In the first weekend of June 2026, all eyes in South Korea's semiconductor industry were on NVIDIA CEO Jensen Huang. After presenting his vision for the future of the global AI industry at the Computex event in Taiwan, he quickly traveled to South Korea. The local media covered his every move in real time, including meetings with executives from LG Electronics, Naver, and SK Hynix, as well as a dinner featuring samgyeopsal and soju. However, the global semiconductor industry is a place where cold calculations often lie behind smiling faces. While friendships exist in international business, the direction of the industry is ultimately determined by interests, supply chains, and market logic. In this context, Huang's visit to South Korea was more of a strategic assessment of the global supply chain for the AI era than a friendly visit.
During his stay, Huang reportedly focused on discussions with major partners, including Samsung Electronics and SK Hynix, regarding next-generation HBM supply plans, the expansion of AI data centers, and forecasts for future AI server market demand. While the media's attention was drawn to the dinner, the truly significant discussions took place behind closed doors, where the future AI industry's supply chain worth tens of trillions of won was at stake.
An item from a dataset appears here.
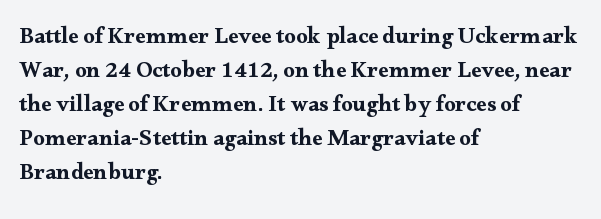
The image shows 23 px text type, upright; set left-aligned, normal line spacing (1.48x), normal letter spacing, not underlined.

Many people today understand the AI revolution as a GPU revolution, which is not entirely incorrect. However, within the AI industry, there are already discussions about something even more critical than GPUs: HBM, or high-bandwidth memory. No matter how advanced a GPU is, if it cannot supply data in a timely manner, the overall performance of the AI system will inevitably decline. If the AI industry is a vast highway, the GPU is the engine, and HBM is the essential system supplying fuel to that engine. In this market, South Korean companies have secured world-class competitiveness. SK Hynix currently leads the global HBM market, while Samsung Electronics is launching a major counterattack centered on next-generation HBM4.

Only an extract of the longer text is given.